Il s‘agit des ports de Nador et de Mohammédia, qui sont déjà partiellement équipés, mais aussi ceux de Tanger et Dakhla où tout reste à faire. Benali veut profiter de ces futures infrastructures portuaires pour développer de l’hydrogène compétitif. Son idée est de développer 30% d’hydrogène dans ces centrales à gaz.

Un baptême du feu plutôt réussi !

Même si plusieurs zones d’ombre subsistent dans plusieurs dossiers, comme par exemple la Samir, l’autoproduction électrique, l’ouverture de la 13-09 à la moyenne tension, etc., la première rencontre de la ministre de la Transition énergétique et du développement durable avec la presse nationale a été globalement un succès.

En effet, comme ses prédécesseurs, Leïla Benali s’est prêtée au jeu des questions/réponses avec les journalistes, notamment pour éclairer l’opinion publique sur les tensions inflationnistes actuelles dans le secteur de l’énergie. Elle est, à ce propos, revenue sur ses déclarations faites devant les parlementaires deux jours auparavant (mercredi 13 avril), pour rappeler que la consommation nationale de produits pétroliers (80% en gasoil et gaz butane) a atteint environ 11,2 millions de tonnes en 2021 et que la capacité globale de stockage est actuellement de 1,6 million de tonnes, soit 52 jours de la consommation nationale.

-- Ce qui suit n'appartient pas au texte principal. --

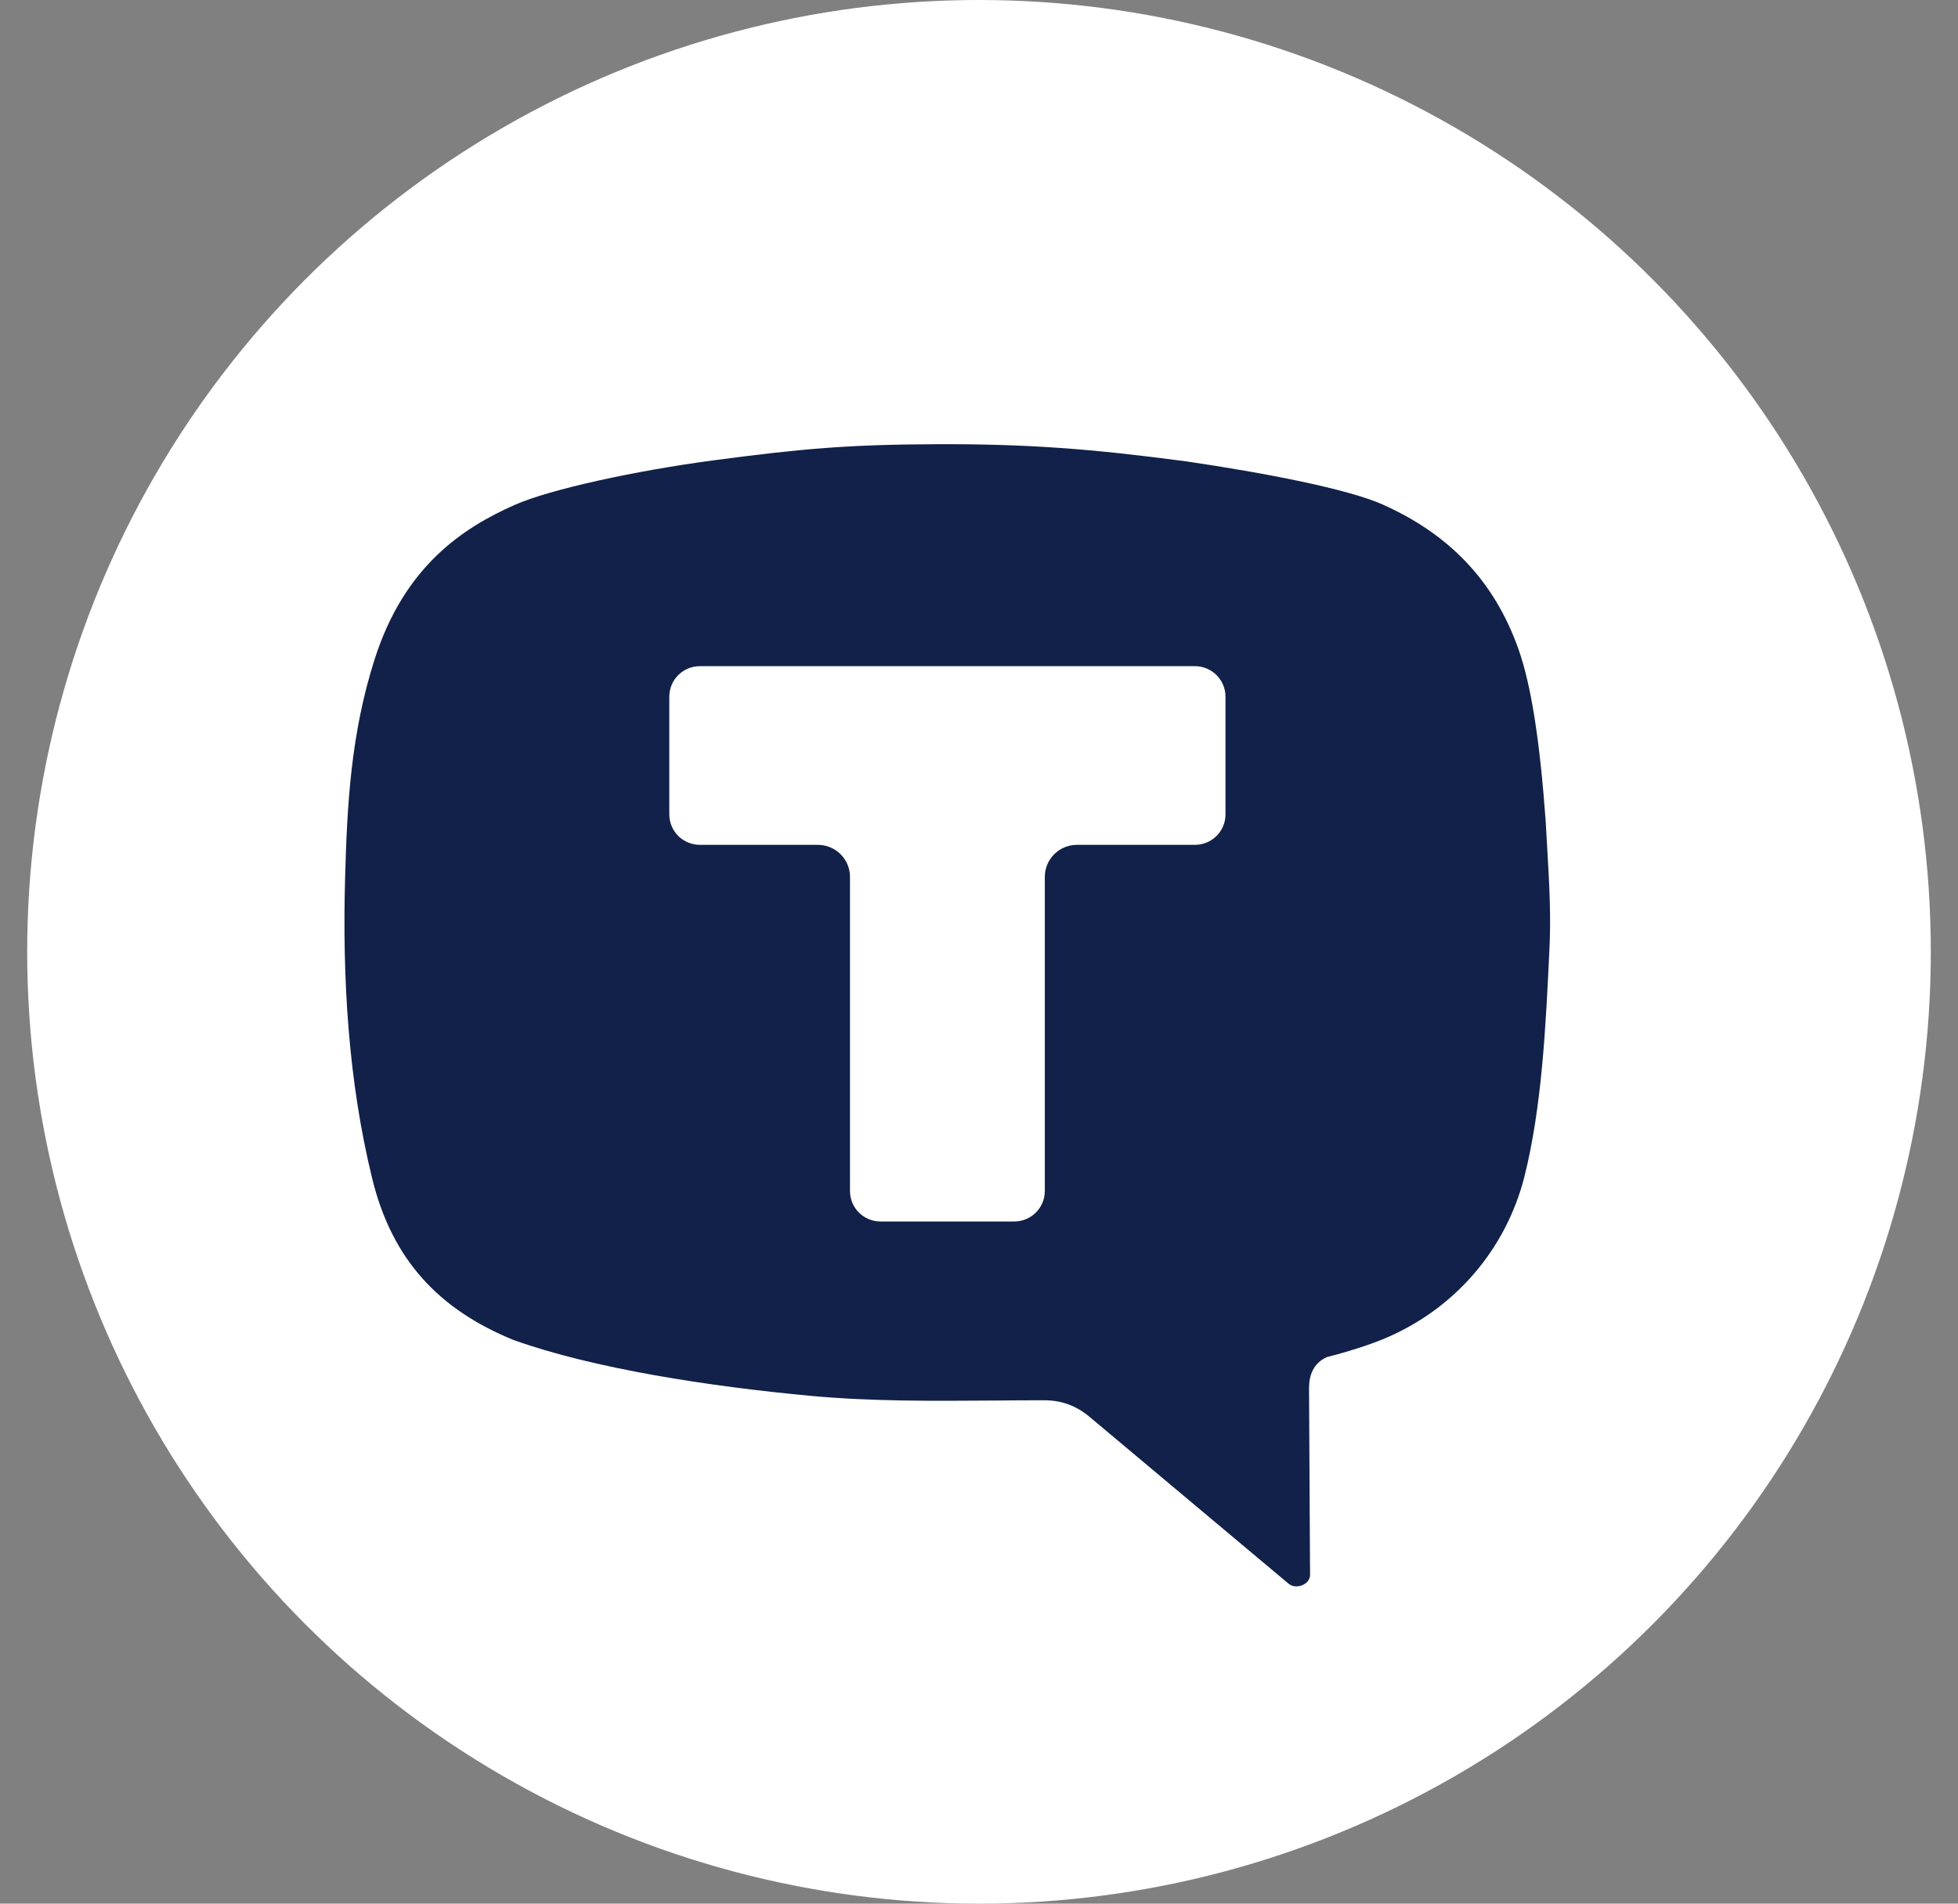 <?xml version="1.0" encoding="UTF-8"?> <svg xmlns="http://www.w3.org/2000/svg" width="36" height="35" viewBox="0 0 36 35" fill="none"><rect x="0" y="0" width="36" height="35" fill="#808080" stroke="none"/><circle cx="18" cy="17.5" r="17.5" fill="white"></circle><path fill-rule="evenodd" clip-rule="evenodd" d="M6.889 12.118C6.448 13.496 6.382 14.811 6.345 16.137C6.294 17.986 6.402 19.871 6.845 21.675C7.211 23.168 8.076 24.079 9.44 24.636C10.914 25.164 13.04 25.49 14.907 25.664C16.02 25.767 17.15 25.758 18.27 25.75L18.271 25.75L18.274 25.75C18.583 25.747 18.892 25.745 19.199 25.745C19.524 25.745 19.791 25.847 20.039 26.055L23.694 29.119C23.829 29.232 24.088 29.132 24.087 28.956L24.068 25.525C24.068 25.286 24.145 25.066 24.395 24.951C24.74 24.865 25.156 24.735 25.441 24.617C26.783 24.056 27.688 22.944 28.023 21.654C28.351 20.36 28.422 18.854 28.489 17.431C28.519 16.817 28.483 16.203 28.447 15.589C28.437 15.424 28.427 15.259 28.419 15.094C28.312 13.625 28.154 12.6 27.918 11.933C27.473 10.678 26.642 9.82 25.422 9.276C24.774 8.987 23.242 8.693 21.812 8.483C20.078 8.253 18.898 8.16 17.204 8.167C15.605 8.174 14.752 8.247 13.124 8.463C11.69 8.653 10.112 8.996 9.466 9.282C8.506 9.706 7.434 10.414 6.889 12.118ZM22.532 12.808C22.532 12.499 22.28 12.248 21.97 12.248H12.868C12.557 12.248 12.306 12.499 12.306 12.808V14.974C12.306 15.283 12.557 15.533 12.868 15.533H15.036C15.363 15.533 15.628 15.797 15.628 16.122V21.898C15.628 22.207 15.879 22.458 16.19 22.458H18.648C18.958 22.458 19.21 22.207 19.21 21.898V16.122C19.21 15.797 19.475 15.533 19.801 15.533H21.97C22.28 15.533 22.532 15.283 22.532 14.974V12.808Z" fill="#112149"></path></svg>

Pour rehausser le niveau du stock de sécurité, à 60 jours comme le stipule la loi, une capacité supplémentaire de 890.000 m3 est nécessaire, ce qui requiert un investissement de 3 milliards de DH qui préservera le marché jusqu’en 2023. Pour juguler les effets de l’inflation sur le pouvoir d’achat des citoyens, la ministre a déclaré que le gouvernement continue de subventionner le gaz butane, c’est dans ce sens qu’il a augmenté les crédits alloués à la Caisse de compensation de 27,6% par rapport à l’année dernière.

Dans le même temps, le prix de l’électricité est resté inchangé, malgré les fortes hausses des prix du fioul et du charbon. Bref, il est prévu que la facture énergétique grimpe de 25 milliards de DH par rapport à 2021. Sur la décarbonation de l’industrie, elle a indiqué que le ministère a signé une convention avec la zone industrielle de Kénitra où des panneaux photovoltaïques, d’une capacité de 50 MW, seront installés incessamment, et que l’exemple sera suivi par les autres zones industrielles du pays.